Most LLM routing layers pick a model by name and move on — there’s no record of the decision, no capability check, no policy that prevents a cost-sensitive request from hitting a premium endpoint by accident. role-model is an open protocol and packaged reference runtime that fixes the audit gap. A request declares its task type, required capabilities, modalities, and tool needs. The router builds a policy snapshot, narrows the candidate endpoint set, applies hard eligibility checks across capability, locality, and budget, scores what survives using measured performance data first and declared profiles second, and returns a RouterDecision artifact that names the chosen endpoint, the fallbacks, the exclusions, and the selection reasons. Nothing is hidden.
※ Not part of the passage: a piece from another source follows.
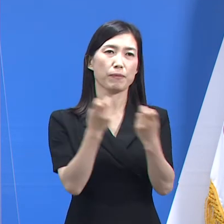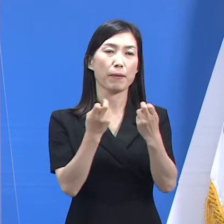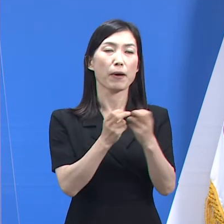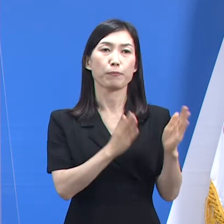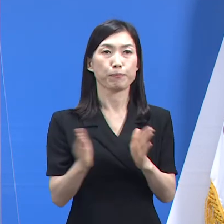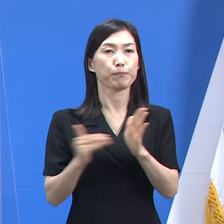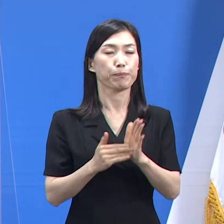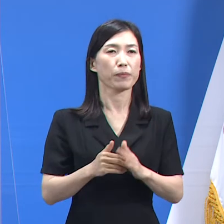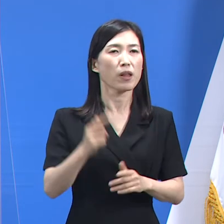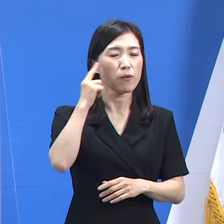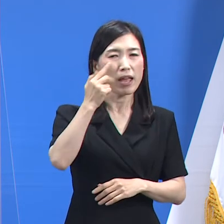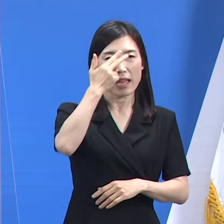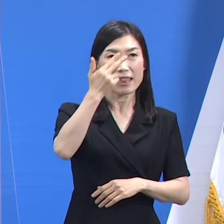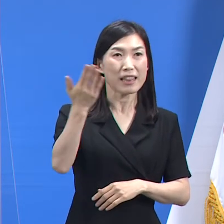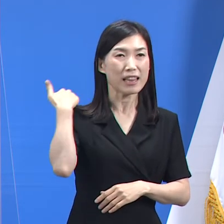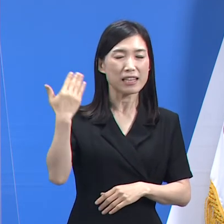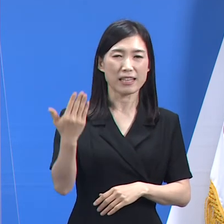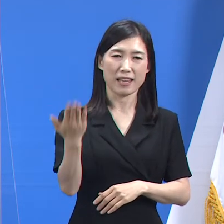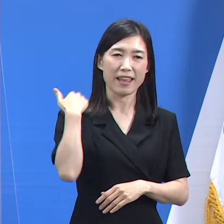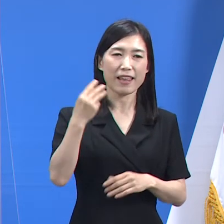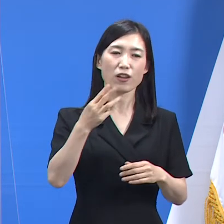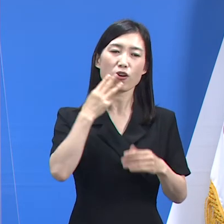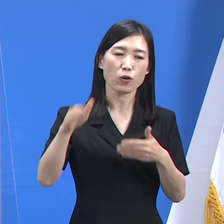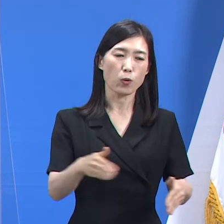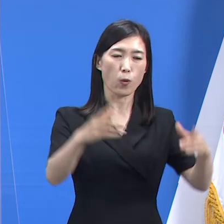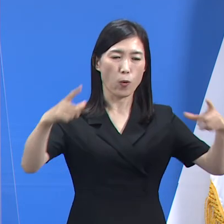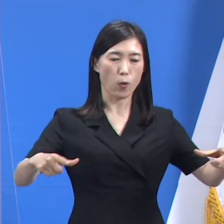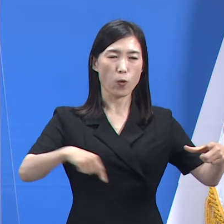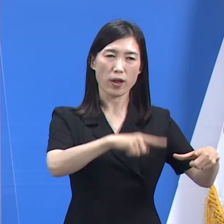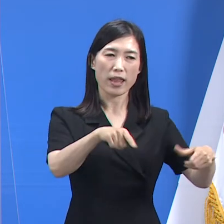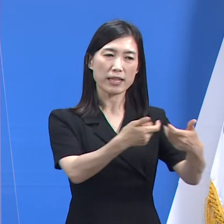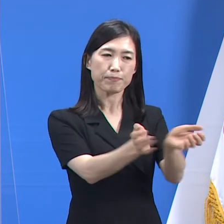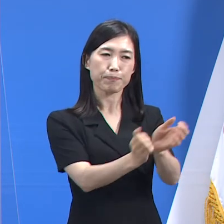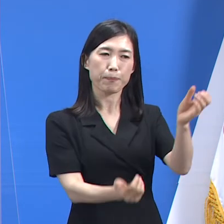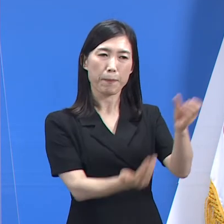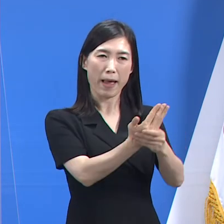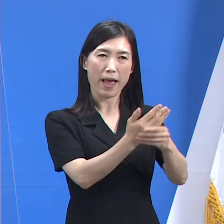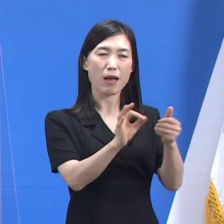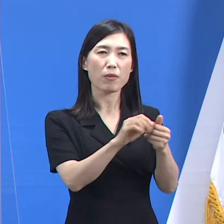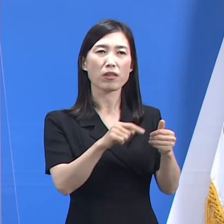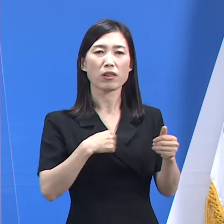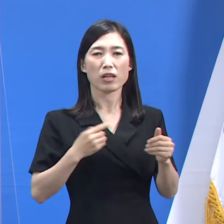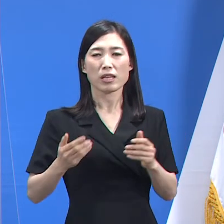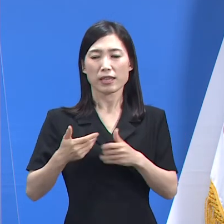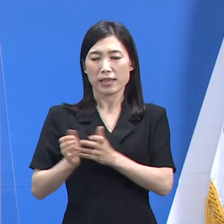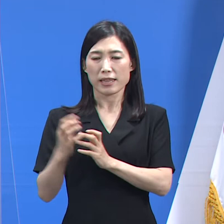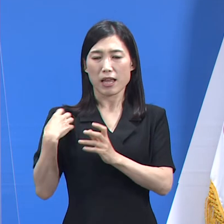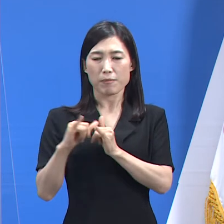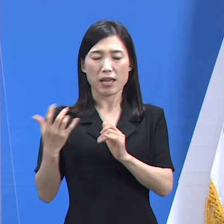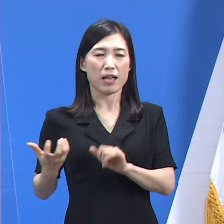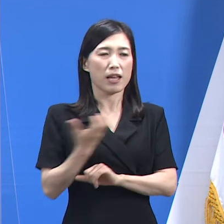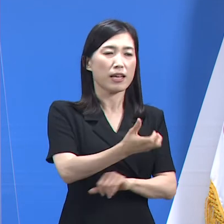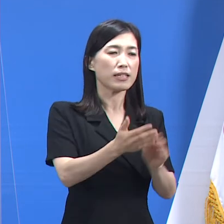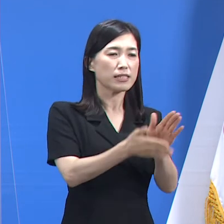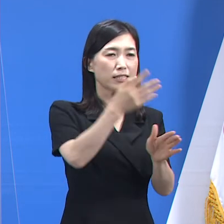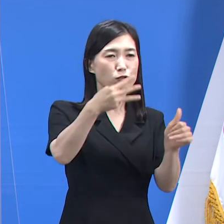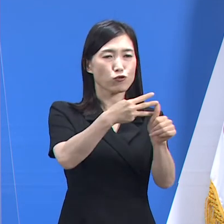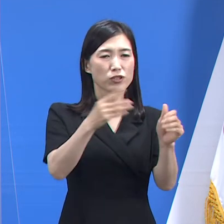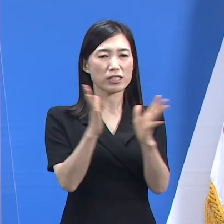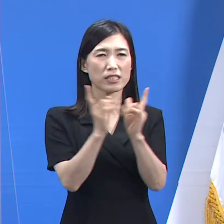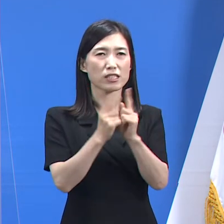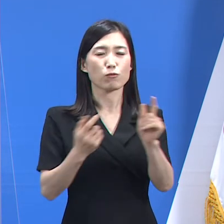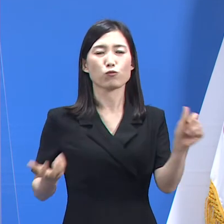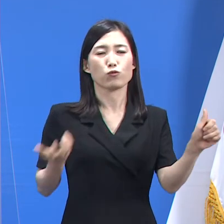과거에는 도에 소속된 역학조사관들이 집단감염이 발생한 시군으로 출동하여 조사를 진행하는 방식이었습니다.

The differentiating feature is the protocol layer itself. Endpoint identity, declared capability profiles, observed performance profiles, roles, tasks, routing policy, and the decision artifact are all defined as canonical schemas — not opaque runtime state. The docs describe a full reason code and rejection taxonomy, which means when an endpoint is excluded, you get a code you can grep for, not a log message you have to interpret. That makes the system portable: the same routing logic travels with you across provider changes, host changes, and deployment topology changes.

The baseline role set — general chat, patch-oriented code editing, code review, tool calling, and text embeddings — covers the workloads most mixed-model deployments actually run. The vendor states integration with Pi via a dedicated package and a /role-model setup flow, and the runtime exposes an OpenAI-compatible discovery interface for downstream clients. Where this breaks: role-model is a routing and observability layer, not an agent runtime. If your use case requires a system that decides what sequence of steps to take — not just which endpoint handles a known request type — you are looking at the wrong tool and will need a separate orchestration layer on top.